This has to be the funniest post of the year. Ask SlickRick when the last time he was behind a shovel.................LOL


----------



## plumbpro (Mar 10, 2010)

There is a way, tricky as it may be, and possibly impossible.
Hire 2 apprentices that are really good fast diggers and hope that they don't both call in on the same day.
The shovel is as integral a law of plumbing as water runs down hill. You may want to get used to it.


----------



## PlumberJake (Nov 15, 2010)

My very first day of working with my Grandpa (at 13 years old) he dropped me off with 2 shovels, a 5 gallon bucket, jug of water, lunch pail, tape measure, and instructions on how deep and how far I needed to dig around a house foundation. He came back 4 hours later to check on me. Seems he only took the job to see if I was a good enough worker for him to invest the time to train me. 

Digging by hand is an invaluable skill in this business, but I for one avoid it......... just like Grandpa did.


----------



## OldSchool (Jan 30, 2010)

To this day I still dont mind digging.... there is really no thinking involved.


----------



## plumbpro (Mar 10, 2010)

I don't think anyone "wants" to dig, but it is necessary. 
Today I dug up a septic tank to open the lid and see what was going on. It didn't rain here from mid July until Mid October and even with our douser yesterday, the ground is still like concrete. I grabbed my apprentices (the shovel, spade, and pick:laughing and got to work. The tank was 20" deep and even if I had helper, I would have still dug. What else would I have done, stand and watch.:no:


----------



## Pipe Rat (Apr 5, 2009)

Big D I am starting to think your in the wrong business my man. You just started and you are more concerned with how much you will make in the future and when you can lay down the shovel.  At this point in your career you should be concerned about learning all you can about this trade and being the best you can be. Then and ONLY then will you prosper and the fruit of your efforts will follow. For now.......wax on - wax off Danielson. The path shall be revealed only to the worthy.


----------



## BigD (Jan 22, 2010)

What else would I have done, stand and watch.:no:[/QUOTE]
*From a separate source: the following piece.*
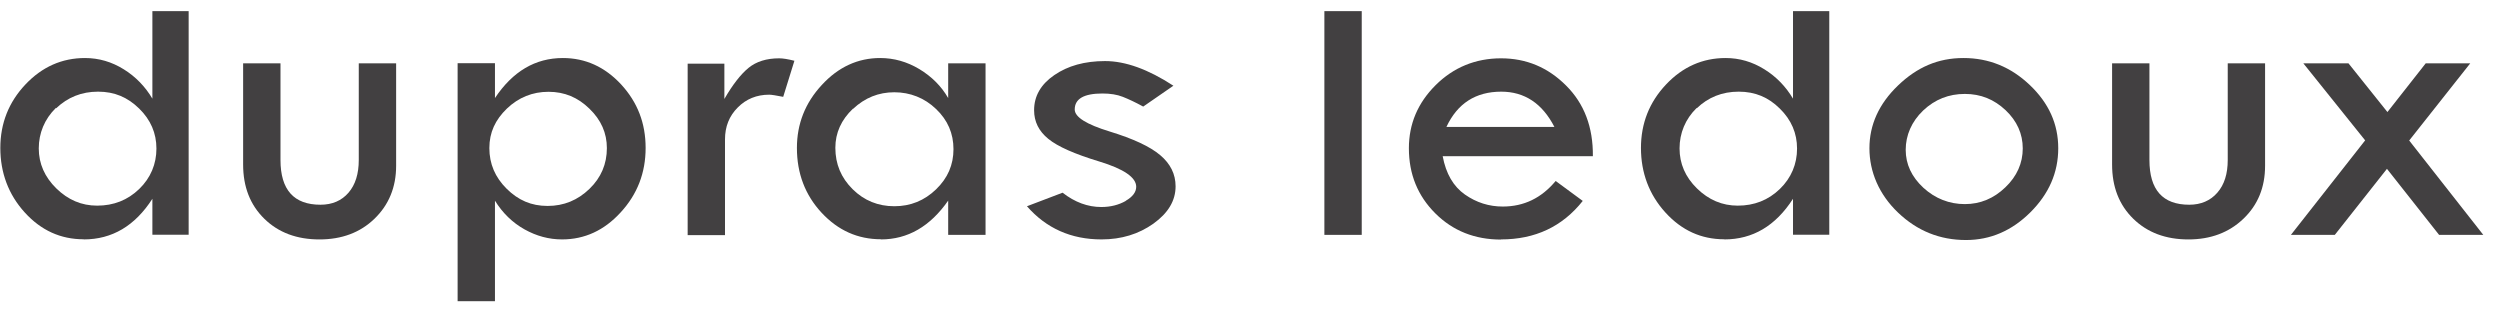 <svg xmlns="http://www.w3.org/2000/svg" width="128" height="16" viewBox="0 0 128 16" fill="none"><g clip-path="url(#clip0_7497_161)"><path d="M4.288 12.258C5.738 12.258 6.91 11.565 7.802 10.178V12.017H9.659V0.571H7.802V5.051C7.436 4.436 6.95 3.929 6.336 3.548C5.722 3.166 5.061 2.971 4.352 2.971C3.172 2.971 2.152 3.423 1.3 4.327C0.447 5.231 0.017 6.314 0.017 7.576C0.017 8.838 0.431 9.96 1.268 10.879C2.104 11.799 3.109 12.251 4.28 12.251M2.877 5.542C3.467 4.981 4.176 4.693 5.021 4.693C5.866 4.693 6.535 4.981 7.125 5.558C7.715 6.134 8.009 6.82 8.009 7.607C8.009 8.394 7.715 9.111 7.125 9.679C6.535 10.248 5.818 10.529 4.973 10.529C4.176 10.529 3.483 10.233 2.885 9.648C2.288 9.064 1.985 8.378 1.985 7.599C1.985 6.82 2.28 6.095 2.861 5.527" fill="#424041"></path><path d="M16.353 12.259C17.5 12.259 18.441 11.908 19.174 11.199C19.907 10.49 20.282 9.586 20.282 8.488V3.244H18.369V8.192C18.369 8.901 18.194 9.462 17.843 9.867C17.492 10.272 17.014 10.482 16.409 10.482C15.046 10.482 14.361 9.719 14.361 8.192V3.244H12.448V8.425C12.448 9.563 12.807 10.49 13.532 11.199C14.257 11.908 15.197 12.259 16.361 12.259" fill="#424041"></path><path d="M25.334 10.263C25.733 10.91 26.243 11.401 26.856 11.744C27.47 12.087 28.107 12.258 28.777 12.258C29.932 12.258 30.936 11.798 31.781 10.871C32.634 9.944 33.056 8.845 33.056 7.575C33.056 6.305 32.642 5.238 31.805 4.326C30.968 3.423 29.972 2.971 28.817 2.971C27.406 2.971 26.251 3.656 25.342 5.02V3.236H23.43V15.421H25.342V10.256L25.334 10.263ZM25.956 5.557C26.553 4.989 27.263 4.7 28.084 4.7C28.904 4.7 29.59 4.989 30.179 5.565C30.777 6.142 31.072 6.812 31.072 7.583C31.072 8.393 30.777 9.095 30.179 9.671C29.582 10.248 28.872 10.544 28.036 10.544C27.199 10.544 26.53 10.248 25.94 9.663C25.35 9.079 25.055 8.386 25.055 7.583C25.055 6.781 25.358 6.134 25.956 5.557Z" fill="#424041"></path><path d="M37.12 7.139C37.12 6.485 37.335 5.939 37.773 5.503C38.204 5.067 38.746 4.848 39.383 4.848C39.495 4.848 39.742 4.887 40.1 4.958L40.674 3.111C40.331 3.025 40.077 2.986 39.893 2.986C39.248 2.986 38.722 3.15 38.323 3.477C37.925 3.804 37.511 4.334 37.088 5.067V3.259H35.208V12.04H37.12V7.155V7.139Z" fill="#424041"></path><path d="M45.105 12.258C46.476 12.258 47.623 11.596 48.547 10.271V12.024H50.46V3.243H48.547V5.02C48.197 4.412 47.703 3.921 47.073 3.539C46.436 3.158 45.766 2.971 45.065 2.971C43.926 2.971 42.922 3.43 42.077 4.35C41.224 5.269 40.802 6.344 40.802 7.575C40.802 8.877 41.224 9.983 42.061 10.887C42.906 11.798 43.918 12.25 45.105 12.25M43.678 5.573C44.284 5.004 44.985 4.724 45.79 4.724C46.595 4.724 47.336 5.012 47.926 5.581C48.524 6.15 48.818 6.835 48.818 7.638C48.818 8.44 48.524 9.118 47.926 9.695C47.328 10.271 46.619 10.559 45.79 10.559C44.962 10.559 44.244 10.271 43.655 9.687C43.065 9.102 42.77 8.401 42.77 7.568C42.77 6.804 43.073 6.134 43.671 5.565" fill="#424041"></path><path d="M57.64 10.287C57.281 10.49 56.867 10.599 56.389 10.599C55.695 10.599 55.034 10.357 54.404 9.866L52.58 10.56C53.568 11.69 54.843 12.258 56.397 12.258C57.417 12.258 58.301 11.986 59.058 11.448C59.815 10.903 60.19 10.272 60.19 9.539C60.19 8.916 59.927 8.386 59.401 7.942C58.875 7.498 58.014 7.101 56.819 6.734C55.624 6.368 55.026 5.994 55.026 5.605C55.026 5.059 55.496 4.787 56.444 4.787C56.843 4.787 57.194 4.841 57.488 4.958C57.783 5.075 58.134 5.238 58.532 5.457L60.078 4.389C58.787 3.548 57.624 3.127 56.58 3.127C55.536 3.127 54.675 3.368 53.982 3.844C53.289 4.319 52.946 4.919 52.946 5.644C52.946 6.228 53.185 6.711 53.671 7.108C54.157 7.506 55.026 7.887 56.285 8.269C57.544 8.651 58.174 9.087 58.174 9.563C58.174 9.835 57.99 10.077 57.64 10.279" fill="#424041"></path><path d="M69.721 0.571H67.808V12.025H69.721V0.571Z" fill="#424041"></path><path d="M76.853 12.258C78.598 12.258 79.993 11.604 81.037 10.287L79.65 9.266C78.925 10.139 78.024 10.575 76.941 10.575C76.239 10.575 75.594 10.373 75.004 9.96C74.414 9.547 74.032 8.892 73.865 7.996H81.555C81.57 6.516 81.116 5.308 80.184 4.381C79.259 3.454 78.152 2.986 76.853 2.986C75.554 2.986 74.422 3.446 73.506 4.358C72.59 5.269 72.135 6.344 72.135 7.591C72.135 8.923 72.59 10.03 73.49 10.926C74.39 11.822 75.514 12.266 76.853 12.266M76.861 4.693C78.056 4.693 78.965 5.293 79.586 6.5H74.056C74.621 5.293 75.554 4.693 76.869 4.693" fill="#424041"></path><path d="M88.288 12.258C89.738 12.258 90.91 11.565 91.802 10.178V12.017H93.659V0.571H91.802V5.051C91.436 4.436 90.95 3.929 90.336 3.548C89.722 3.166 89.061 2.971 88.352 2.971C87.172 2.971 86.152 3.423 85.3 4.327C84.447 5.231 84.017 6.314 84.017 7.576C84.017 8.838 84.431 9.96 85.268 10.879C86.104 11.799 87.109 12.251 88.28 12.251M86.877 5.542C87.459 4.981 88.176 4.693 89.021 4.693C89.866 4.693 90.543 4.981 91.125 5.558C91.715 6.134 92.009 6.82 92.009 7.607C92.009 8.394 91.715 9.111 91.125 9.679C90.535 10.248 89.818 10.529 88.973 10.529C88.176 10.529 87.483 10.233 86.885 9.648C86.288 9.064 85.993 8.378 85.993 7.599C85.993 6.82 86.288 6.095 86.87 5.527" fill="#424041"></path><path d="M100.664 12.289C101.907 12.289 103.007 11.814 103.955 10.871C104.903 9.928 105.382 8.838 105.382 7.591C105.382 6.344 104.895 5.277 103.931 4.358C102.959 3.43 101.827 2.971 100.529 2.971C99.23 2.971 98.154 3.438 97.174 4.381C96.201 5.316 95.715 6.391 95.715 7.591C95.715 8.791 96.201 9.952 97.182 10.887C98.162 11.822 99.317 12.289 100.656 12.289M98.473 5.651C99.07 5.09 99.779 4.809 100.6 4.809C101.421 4.809 102.098 5.09 102.688 5.643C103.27 6.196 103.565 6.851 103.565 7.599C103.565 8.347 103.27 9.025 102.672 9.593C102.082 10.162 101.389 10.45 100.6 10.45C99.811 10.45 99.086 10.17 98.481 9.617C97.875 9.056 97.572 8.409 97.572 7.669C97.572 6.929 97.875 6.22 98.465 5.659" fill="#424041"></path><path d="M112.043 12.259C113.183 12.259 114.123 11.908 114.864 11.199C115.606 10.49 115.972 9.586 115.972 8.488V3.244H114.06V8.192C114.06 8.901 113.884 9.462 113.526 9.867C113.175 10.272 112.689 10.482 112.091 10.482C110.729 10.482 110.051 9.719 110.051 8.192V3.244H108.139V8.425C108.139 9.563 108.497 10.49 109.222 11.199C109.948 11.908 110.888 12.259 112.051 12.259" fill="#424041"></path><path d="M119.542 12.025L122.212 8.644L124.881 12.025H127.144L123.351 7.194L126.475 3.244H124.196L122.236 5.737L120.243 3.244H117.932L121.096 7.187L117.295 12.025H119.542Z" fill="#424041"></path></g><defs><clipPath id="clip0_7497_161"><rect width="127.119" height="14.858" fill="white" transform="translate(0.025 0.571)"></rect></clipPath></defs></svg>

When I get rich, thats what I look forward to do, hopefully.:drink:


----------



## BigD (Jan 22, 2010)

What I'm trying to really say is does it get any easier. will my muscles stop aching, will my body get use to it.:wheelchair:


----------



## SlickRick (Sep 3, 2009)

BigD said:


> What else would I have done, stand and watch.:no:


When I get rich, thats what I look forward to do, hopefully.:drink:[/QUOTE]


You're a hoot.


----------



## OldSchool (Jan 30, 2010)

BigD said:


> What I'm trying to really say is does it get any easier. will my muscles stop aching, will my body get use to it.:wheelchair:


The more you do the easier it will get..... some people pay big bucks to go to the gym.... for half the amount of exercise you are getting paid to do.


----------



## SlickRick (Sep 3, 2009)

BigD said:


> What I'm trying to really say is does it get any easier. will my muscles stop aching, will my body get use to it.:wheelchair:


That depends if someone has shown you how to use a shovel properly. There is a technique to digging.


----------



## BigD (Jan 22, 2010)

slickrick said:


> That depends if someone has shown you how to use a shovel properly. There is a technique to digging.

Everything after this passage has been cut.